DATA PROVIDED
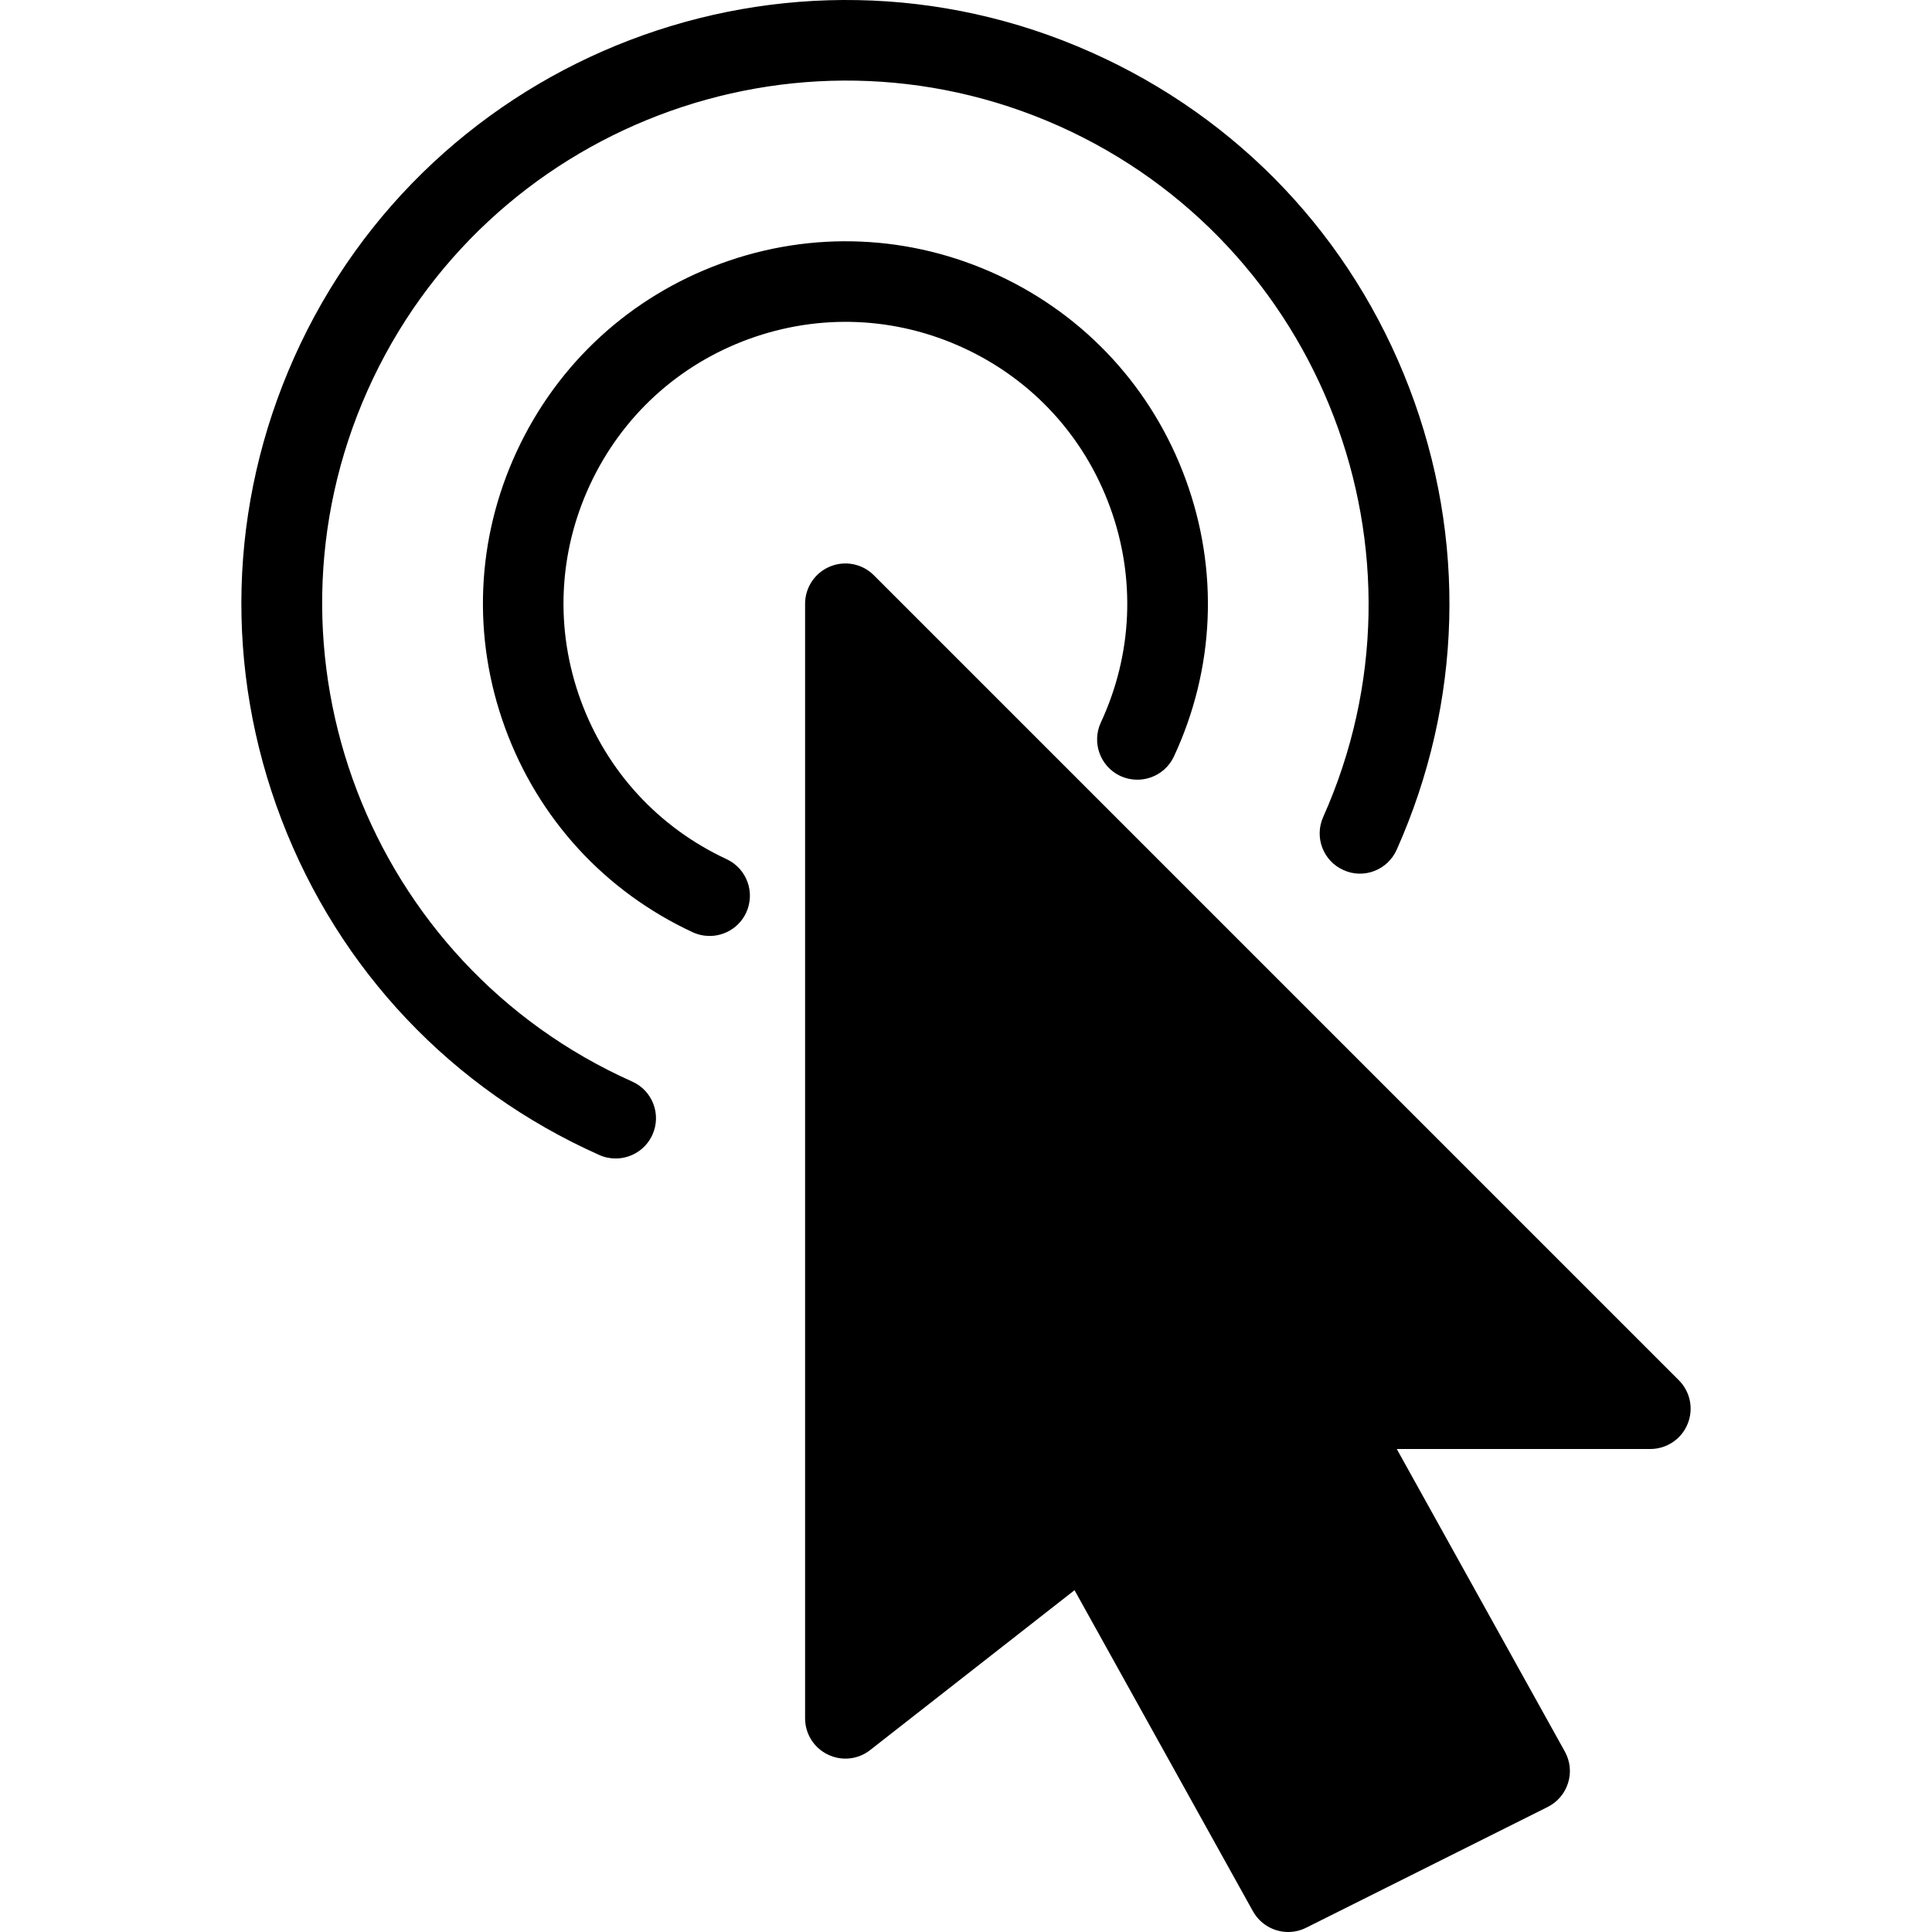 <?xml version="1.0" encoding="iso-8859-1"?>
<!-- Generator: Adobe Illustrator 19.0.0, SVG Export Plug-In . SVG Version: 6.00 Build 0)  -->
<svg version="1.1" id="Capa_1" xmlns="http://www.w3.org/2000/svg" xmlns:xlink="http://www.w3.org/1999/xlink" x="0px" y="0px"
	 viewBox="0 0 511.997 511.997" style="enable-background:new 0 0 511.997 511.997;" xml:space="preserve">
<g>
	<g>
		<path d="M444.909,365.778L231.576,152.445c-3.051-3.051-7.616-3.968-11.627-2.304c-3.989,1.643-6.592,5.547-6.592,9.856v295.381
			c0,4.075,2.325,7.808,5.995,9.579c3.691,1.813,8.043,1.344,11.243-1.173l54.165-42.368l47.275,85.077
			c1.963,3.499,5.589,5.504,9.344,5.504c1.6,0,3.221-0.363,4.757-1.131l64-32c2.603-1.301,4.565-3.605,5.419-6.379
			c0.875-2.773,0.555-5.781-0.875-8.341l-44.523-80.149h67.2c4.309,0,8.213-2.603,9.856-6.592
			C448.877,373.416,447.96,368.829,444.909,365.778z"/>
	</g>
</g>
<g>
	<g>
		<path d="M373.464,102.781c-15.275-39.915-45.184-71.488-84.224-88.896c-80.512-35.947-175.339,0.32-211.307,80.896
			c-17.408,39.019-18.581,82.496-3.328,122.411c15.275,39.915,45.184,71.488,84.224,88.896c1.408,0.64,2.88,0.917,4.331,0.917
			c4.075,0,7.979-2.347,9.749-6.315c2.411-5.376,0-11.691-5.397-14.08C97.709,255.442,66.243,173.288,97.411,103.464
			C128.6,33.661,210.776,2.258,280.557,33.362c69.803,31.168,101.269,113.323,70.101,183.147c-2.411,5.376,0,11.691,5.397,14.08
			c5.376,2.432,11.669-0.021,14.08-5.397C387.544,186.173,388.739,142.696,373.464,102.781z"/>
	</g>
</g>
<g>
	<g>
		<path d="M314.221,127.058c-8.811-24.085-26.453-43.307-49.707-54.123c-23.232-10.795-49.323-11.925-73.408-3.115
			s-43.307,26.453-54.123,49.707c-10.816,23.253-11.925,49.323-3.115,73.408s26.453,43.307,49.707,54.123
			c1.451,0.661,2.987,0.981,4.48,0.981c4.011,0,7.872-2.283,9.685-6.165c2.475-5.355,0.171-11.691-5.184-14.187
			c-18.069-8.405-31.808-23.339-38.656-42.091c-6.848-18.731-5.973-39.019,2.432-57.088c8.405-18.091,23.339-31.808,42.091-38.656
			c18.752-6.827,38.997-5.973,57.088,2.432c18.091,8.405,31.808,23.339,38.656,42.091c6.848,18.731,5.973,39.019-2.432,57.088
			c-2.475,5.333-0.171,11.691,5.184,14.187c5.376,2.453,11.691,0.149,14.187-5.184C321.923,177.213,323.032,151.144,314.221,127.058
			z"/>
	</g>
</g>
<g>
</g>
<g>
</g>
<g>
</g>
<g>
</g>
<g>
</g>
<g>
</g>
<g>
</g>
<g>
</g>
<g>
</g>
<g>
</g>
<g>
</g>
<g>
</g>
<g>
</g>
<g>
</g>
<g>
</g>
</svg>

INSTRUCTIONS TO FOLLOW
Pictures are to be left out; everything else in the entries is reproduced verbatim.

THE ANSWER
 <?xml version="1.0" encoding="iso-8859-1"?>
<!-- Generator: Adobe Illustrator 19.0.0, SVG Export Plug-In . SVG Version: 6.00 Build 0)  -->
<svg version="1.1" id="Capa_1" xmlns="http://www.w3.org/2000/svg" xmlns:xlink="http://www.w3.org/1999/xlink" x="0px" y="0px"
	 viewBox="0 0 511.997 511.997" style="enable-background:new 0 0 511.997 511.997;" xml:space="preserve">
<g>
	<g>
		<path d="M444.909,365.778L231.576,152.445c-3.051-3.051-7.616-3.968-11.627-2.304c-3.989,1.643-6.592,5.547-6.592,9.856v295.381
			c0,4.075,2.325,7.808,5.995,9.579c3.691,1.813,8.043,1.344,11.243-1.173l54.165-42.368l47.275,85.077
			c1.963,3.499,5.589,5.504,9.344,5.504c1.6,0,3.221-0.363,4.757-1.131l64-32c2.603-1.301,4.565-3.605,5.419-6.379
			c0.875-2.773,0.555-5.781-0.875-8.341l-44.523-80.149h67.2c4.309,0,8.213-2.603,9.856-6.592
			C448.877,373.416,447.96,368.829,444.909,365.778z"/>
	</g>
</g>
<g>
	<g>
		<path d="M373.464,102.781c-15.275-39.915-45.184-71.488-84.224-88.896c-80.512-35.947-175.339,0.32-211.307,80.896
			c-17.408,39.019-18.581,82.496-3.328,122.411c15.275,39.915,45.184,71.488,84.224,88.896c1.408,0.64,2.88,0.917,4.331,0.917
			c4.075,0,7.979-2.347,9.749-6.315c2.411-5.376,0-11.691-5.397-14.08C97.709,255.442,66.243,173.288,97.411,103.464
			C128.6,33.661,210.776,2.258,280.557,33.362c69.803,31.168,101.269,113.323,70.101,183.147c-2.411,5.376,0,11.691,5.397,14.08
			c5.376,2.432,11.669-0.021,14.08-5.397C387.544,186.173,388.739,142.696,373.464,102.781z"/>
	</g>
</g>
<g>
	<g>
		<path d="M314.221,127.058c-8.811-24.085-26.453-43.307-49.707-54.123c-23.232-10.795-49.323-11.925-73.408-3.115
			s-43.307,26.453-54.123,49.707c-10.816,23.253-11.925,49.323-3.115,73.408s26.453,43.307,49.707,54.123
			c1.451,0.661,2.987,0.981,4.48,0.981c4.011,0,7.872-2.283,9.685-6.165c2.475-5.355,0.171-11.691-5.184-14.187
			c-18.069-8.405-31.808-23.339-38.656-42.091c-6.848-18.731-5.973-39.019,2.432-57.088c8.405-18.091,23.339-31.808,42.091-38.656
			c18.752-6.827,38.997-5.973,57.088,2.432c18.091,8.405,31.808,23.339,38.656,42.091c6.848,18.731,5.973,39.019-2.432,57.088
			c-2.475,5.333-0.171,11.691,5.184,14.187c5.376,2.453,11.691,0.149,14.187-5.184C321.923,177.213,323.032,151.144,314.221,127.058
			z"/>
	</g>
</g>
<g>
</g>
<g>
</g>
<g>
</g>
<g>
</g>
<g>
</g>
<g>
</g>
<g>
</g>
<g>
</g>
<g>
</g>
<g>
</g>
<g>
</g>
<g>
</g>
<g>
</g>
<g>
</g>
<g>
</g>
</svg>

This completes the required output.